Blog > Preventing Employee Data Leaks Requires Proper Safeguards
Preventing Employee Data Leaks Requires Proper Safeguards
June, 2014, Thompson Publishing Group
Reducing the risk of data breaches requires assessing your company’s vulnerabilities, then addressing them with policies, procedures, training and agreements.
The media tend to focus on external hackers, but “the real culprits for most our clients are internal,” according to employment law attorney Robert Fitzpatrick. Employee data breaches can be classified into the deliberate and the negligent, Fitzpatrick said. In the latter case, most of the negligence falls on the company for failing to identify vulnerabilities and address them with preventative measures.
Prevention starts with a vulnerability assessment, which should cover your data’s entire life cycle, according to Jennifer Trulock of Baker Botts LLP. Are the people, process and technology in place to track and control data from creation to deletion?
Companies often fail to identify the information that’s sensitive, and “make sure that throughout the organization, people are on the same page” regarding what information belongs to the company, added Paul Starkman of Pedersen & Houpt PC in Chicago.
Failing to assign clear ownership for data protection is another common weakness, Trulock said. “The head of IT may not be the right person to make sure confidential business information is protected,” she said. “There are compliance officers and there are IT people, and sometimes they don’t talk as much as they should.”
This can hinder the proper implementation of preventive measures. “We see, regularly, companies buy tools but maybe don’t educate their employees about the tools,” Trulock said — for example, 40 percent of executives reportedly turn off laptop encryption.
Organizations devote most of their resources to preventing hacking,” but people within the organization are responsible for 70 percent of data loss, she said. One common scenario involves “the long-term, trusted employee” who turns out to have been appropriating or misusing data, Starkman noted. “This is something that happens all the time because of a lack of internal controls and a lack of auditing.”
Fitzpatrick also cited a widely held mentality among employees that they are entitled to remove certain information for future use, such as to burnish their credentials with prospective employers.
Sometimes this data is removed during the normal course of business, then when the person’s employment ends he or she has a lot of sensitive information on mobile devices, Fitzpatrick explained. Or sometimes an employee will start taking data after seeing “the handwriting on the wall,” he added.
Preventing situations in which terminated employees access the corporate network through another employee’s password goes back to building a culture of how important it is to protect data, Fitzpatrick said.
The process elements of prevention include periodic risk assessments, security audits and documented security procedures “that actually reflect the needs of our business,” Trulock said. Having employees sign agreements on confidentiality and nondisclosure should be more than just a paperwork exercise.
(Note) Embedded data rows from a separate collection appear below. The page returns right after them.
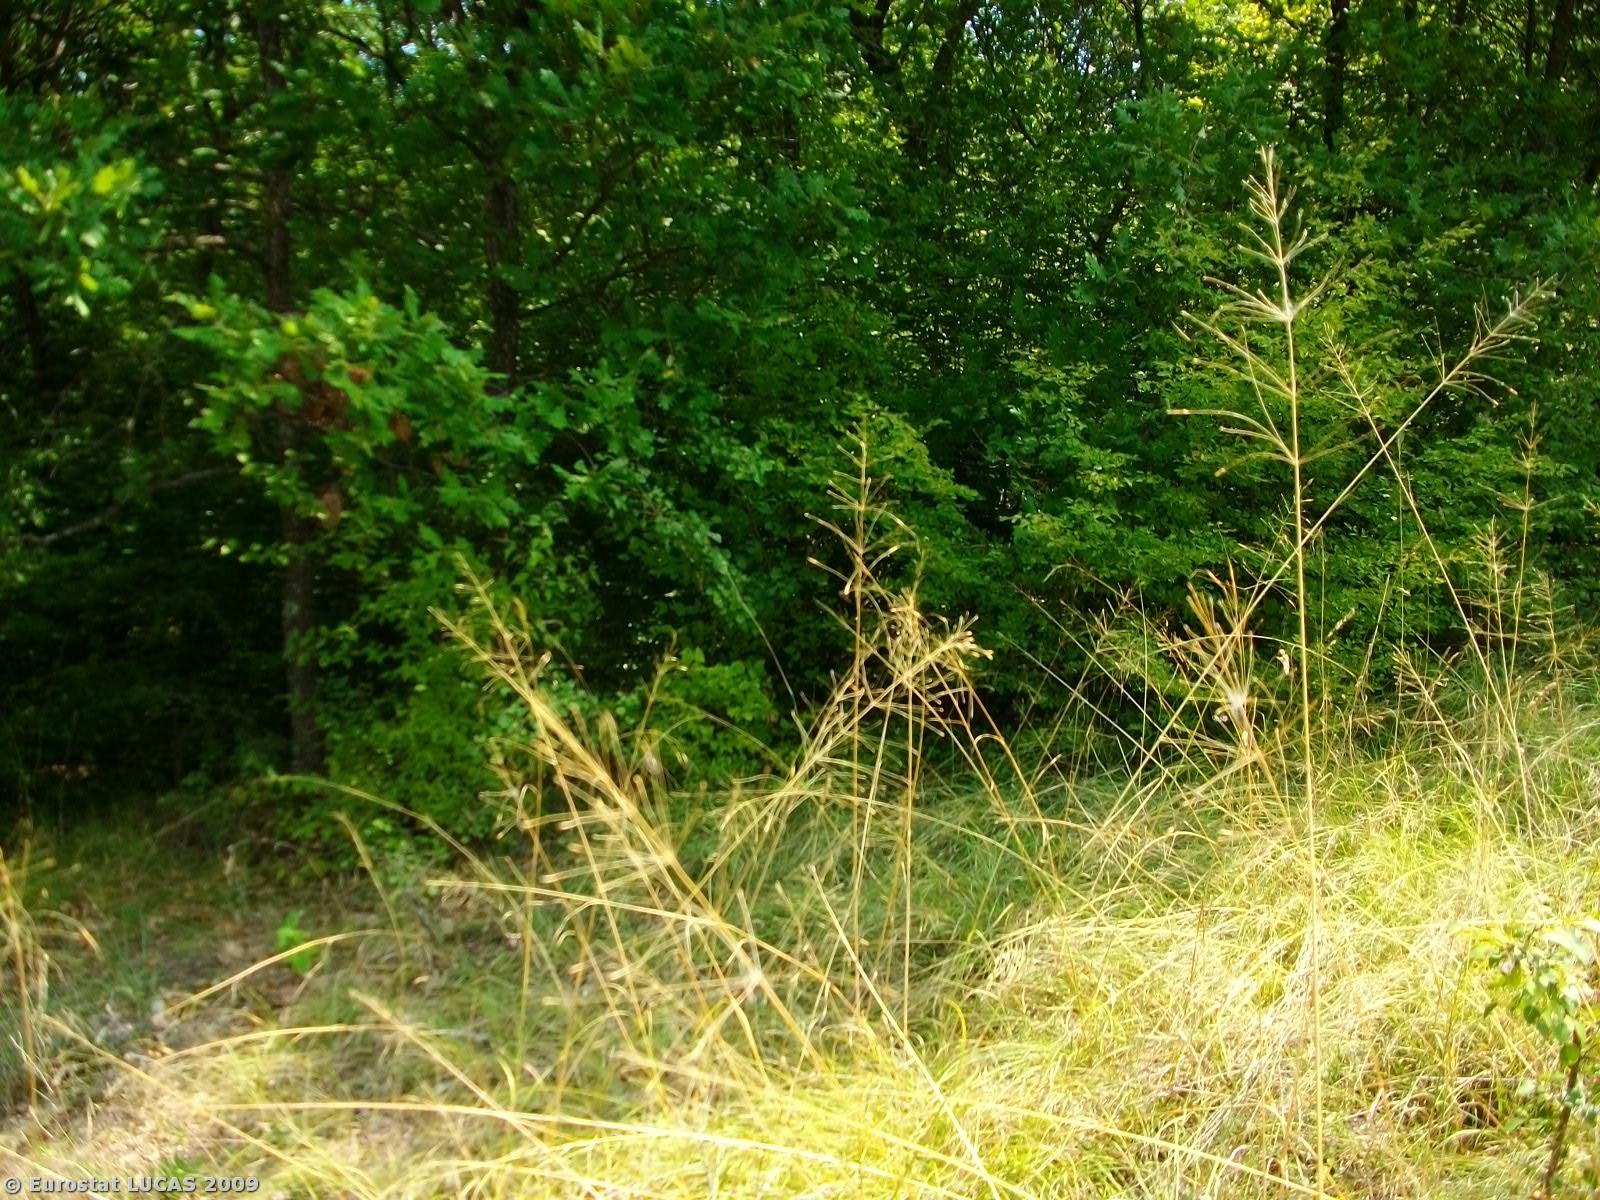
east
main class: Woodland
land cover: Broadleaved woodland
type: thermophilous deciduous forest
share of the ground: 50 - 75 %
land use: Unused
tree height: > 5 m
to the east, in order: Broadleaved woodland; Grassland with sparse tree/shrub cover; Broadleaved woodland; Spontaneously vegetated surfaces; Broadleaved woodland; Spontaneously vegetated surfaces
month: July
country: GR
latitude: 41.0605
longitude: 23.0189

“I find employers will have an employee sign a confidentiality agreement,” including an intellectual property provision, Trulock said, but “in my experience employers rarely walk the employee through the IP provision.” And on termination, “you want people to certify that they’ve given everything back to you.”
Not enough companies have a clear picture of where all of their laptops and portable devices are, Starkman added. “Knowing what you have and then being able to protect it is what it’s all about” — including data held by vendors, as Target’s data breach illustrated.
Balancing the people, processes and technology elements of prevention requires consulting with the internal stakeholders, including general counsel, internal audit and the owners of the actual business processes, Trulock continued. “Identify what’s high-risk; protect the stuff that’s important.”
This consultation process should yield a series of policies, procedures, agreements and training for protecting data. The training should cover IT policy, information security, working remotely and preserving company records, Trulock said. “Employees can’t comply with policies if they don’t understand them.”